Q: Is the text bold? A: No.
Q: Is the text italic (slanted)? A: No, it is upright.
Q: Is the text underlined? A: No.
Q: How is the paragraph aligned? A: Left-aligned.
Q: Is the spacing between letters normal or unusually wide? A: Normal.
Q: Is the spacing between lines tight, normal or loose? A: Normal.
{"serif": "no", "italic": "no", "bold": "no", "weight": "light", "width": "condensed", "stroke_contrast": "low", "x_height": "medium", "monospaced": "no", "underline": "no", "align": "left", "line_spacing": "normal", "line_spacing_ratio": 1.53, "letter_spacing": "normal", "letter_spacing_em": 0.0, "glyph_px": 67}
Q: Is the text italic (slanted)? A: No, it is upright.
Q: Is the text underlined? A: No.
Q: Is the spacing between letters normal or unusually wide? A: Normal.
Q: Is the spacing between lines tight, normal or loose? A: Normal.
...
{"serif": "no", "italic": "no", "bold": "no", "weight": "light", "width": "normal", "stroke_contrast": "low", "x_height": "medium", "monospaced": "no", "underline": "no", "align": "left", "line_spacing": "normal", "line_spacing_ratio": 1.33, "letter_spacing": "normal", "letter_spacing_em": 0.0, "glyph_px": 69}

**Task prompt:** Only lines containing the string "monospaced" belong in the answer; find them in the data above and copy them.

**Exercise solution:**
{"serif": "no", "italic": "no", "bold": "no", "weight": "light", "width": "condensed", "stroke_contrast": "low", "x_height": "medium", "monospaced": "no", "underline": "no", "align": "left", "line_spacing": "normal", "line_spacing_ratio": 1.53, "letter_spacing": "normal", "letter_spacing_em": 0.0, "glyph_px": 67}
{"serif": "no", "italic": "no", "bold": "no", "weight": "light", "width": "normal", "stroke_contrast": "low", "x_height": "medium", "monospaced": "no", "underline": "no", "align": "left", "line_spacing": "normal", "line_spacing_ratio": 1.33, "letter_spacing": "normal", "letter_spacing_em": 0.0, "glyph_px": 69}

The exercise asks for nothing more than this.